Il est également désormais bien démontré qu’en plus de ce phénomène de frottement il existe une dégénérescence progressive naturelle des tendons au niveau de leurs insertions sur l’os. Ce phénomène lié au vieillissement est aggravé par des facteurs de risques cardio-vasculaires et notamment de façon très importante par le tabagisme. Les tendons perdent leur élasticité et se “détachent” progressivement de l’os.
On estime ainsi qu’environ un quart de la population de plus de 50 ans, et environ la moitié des plus de 70 ans présentent une rupture de la coiffe des rotateurs.
Schéma rupture rétractée (tendon supra épineux)
Rupture rétractée du supra-épineux – Dr Milin, Grenoble
Un traumatisme de l’épaule, une chute peuvent également déchirer un tendon fragile chez un patient jeune ou aggraver une rupture qui existait déjà.
La rupture peut s’étendre à un ou plusieurs tendons de la coiffe des rotateurs. Elle peut concerner tout ou partie du tendon et être de taille et d’aspect différents.
La rupture ne peut en aucun cas cicatriser seule et va s’agrandir progressivement. Le muscle correspondant au tendon rompu va alors dégénérer en graisse de façon irréversible et s’amincir jusqu’à devenir inefficace. A terme, une chirurgie pour ré-insertion du tendon à l’os ne sera plus possible car le trou sera trop grand, et serait de toute façon inutile puisque le muscle correspondant a perdu sa vitalité. Il en résulte un déséquilibre majeur de l’épaule qui va s’user de façon accélérée et conduire à l’arthrose qui pourra nécessiter une prothèse de l’épaule.

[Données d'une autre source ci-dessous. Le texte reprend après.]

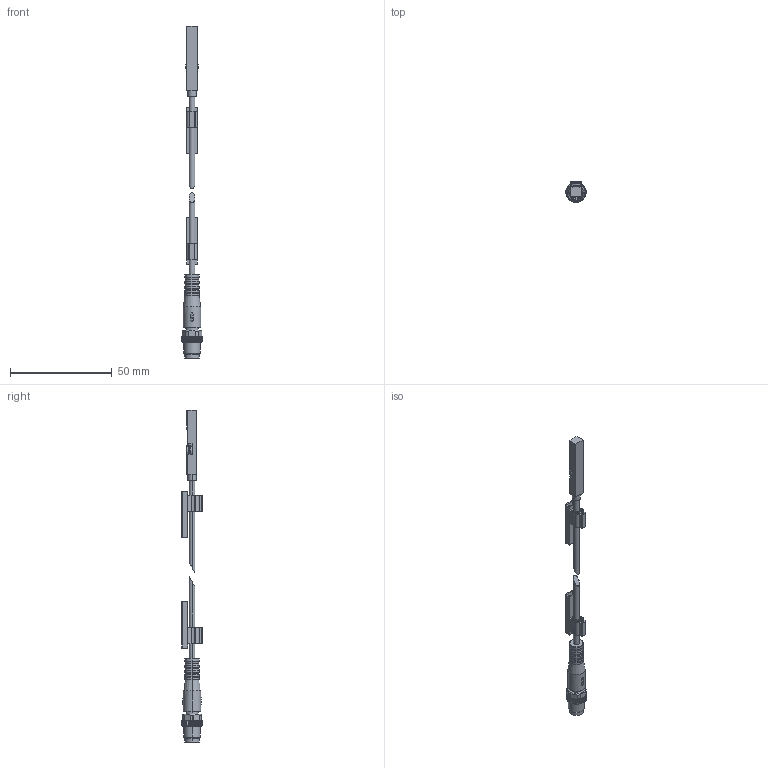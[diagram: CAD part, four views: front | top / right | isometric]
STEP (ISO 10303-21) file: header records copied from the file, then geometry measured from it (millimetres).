
FILE_DESCRIPTION(('CATIA V5 STEP Exchange'),'2;1');
FILE_NAME('NAEHERUNGSSCHALTER_AFS_T03_368428_TUENKERS.stp','2020-02-25T07:07:37+00:00',('none'),('none'),'CATIA Version 5 Release 19 SP 9 (IN-10)','CATIA V5 STEP AP214','none');
FILE_SCHEMA(('AUTOMOTIVE_DESIGN { 1 0 10303 214 1 1 1 1 }'));
Length unit declared in the file: millimetre
Products named in the file (1): NAEHERUNGSSCHALTER_AFS_T03_368428_TUENKERS
Bounding box: 9.95 x 10.3 x 162.9 mm (x, y, z)
Volume: 3763.6 mm3; surface area: 5140.5 mm2
Topology: 4 solids, 4 shells, 564 faces, 1521 edges, 991 vertices
Faces by surface type: plane 273, cylinder 185, torus 98, cone 8
Entity records: 18264 total; most frequent: CARTESIAN_POINT 4533, ORIENTED_EDGE 3042, DIRECTION 2424, EDGE_CURVE 1521, AXIS2_PLACEMENT_3D 1033, VERTEX_POINT 991, VECTOR 828, LINE 828

Les symptômes principaux de la rupture de la coiffe des rotateurs sont la douleur de l’épaule qui peut irradier vers l’avant du bras, la diminution des mobilités de l’épaule ainsi qu’une perte de force et d’endurance. Leur association est cependant extrêmement variable et le tableau clinique peut être très polymorphe. Certaines épaules restent par exemple assez mobiles mais très douloureuses, d’autres perdent leur fonction mais avec peu de douleurs…

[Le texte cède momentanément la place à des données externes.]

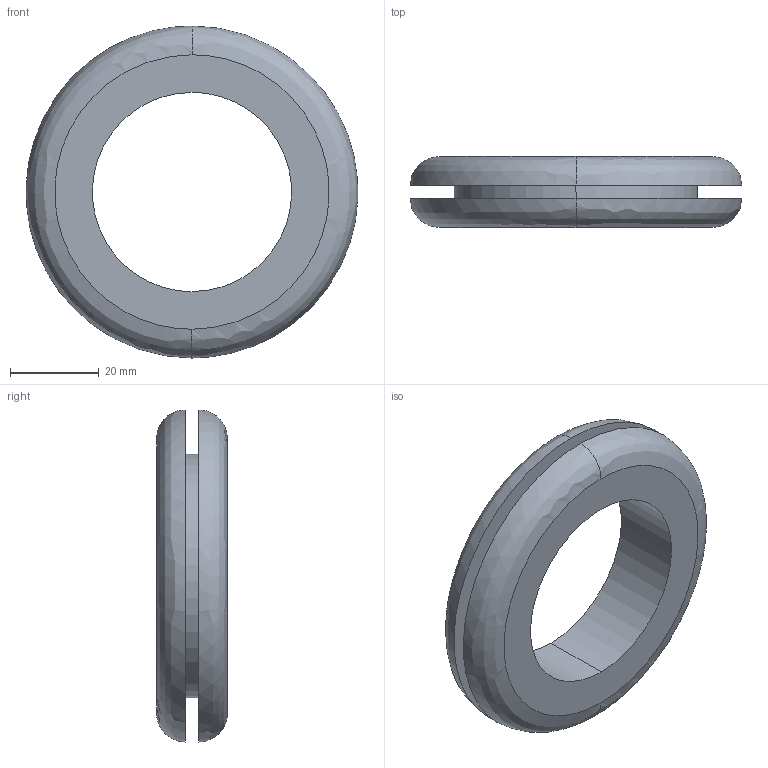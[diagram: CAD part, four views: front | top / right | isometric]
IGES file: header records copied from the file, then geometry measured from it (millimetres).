
Start section: ------------------------------------------------------------------------
Global section: file name: PC50.12492.TM_B_45_3_CRUL_24413.igs; native system: spGate; preprocessor: ver15.6.1; author: Unknown; organization: Unknown; date: 191219.123721; units: millimetre
Bounding box: 74.92 x 16 x 75 mm (x, y, z)
Volume: 35053.8 mm3; surface area: 14239.9 mm2
Topology: 1 solids, 1 shells, 12 faces, 24 edges, 16 vertices
Faces by surface type: bspline 12

Des examens d’imagerie sont indispensables :
- des radiographies standard qui évaluent notamment la présence d’arthrose
- ET une imagerie en coupe (IRM ou Arthroscanner) qui permet au chirurgien d’analyser la rupture et sa réparabilité (taille, localisation, qualité des muscles..)
Toutes les ruptures ne justifient pas une chirurgie : petite rupture bien tolérée chez un patient âgé, rupture trop importante jugée irréparable, patient trop fragile etc… L’âge n’est plus en soit une contre-indication isolée à la chirurgie puisque des études récentes mettent en évidence l’efficacité de la chirurgie arthroscopique dans les ruptures de la coiffe des rotateurs au delà de 70 ans et même après 75 ans, si l’indication opératoire est bien portée.
Aucun traitement médical ne permet la cicatrisation d’une rupture de la coiffe des rotateurs. Un traitement médicamenteux (antalgiques, anti inflammatoires) et des infiltrations peuvent cependant permettre d’améliorer la qualité de vie en diminuant la douleur si la chirurgie n’est pas justifiée.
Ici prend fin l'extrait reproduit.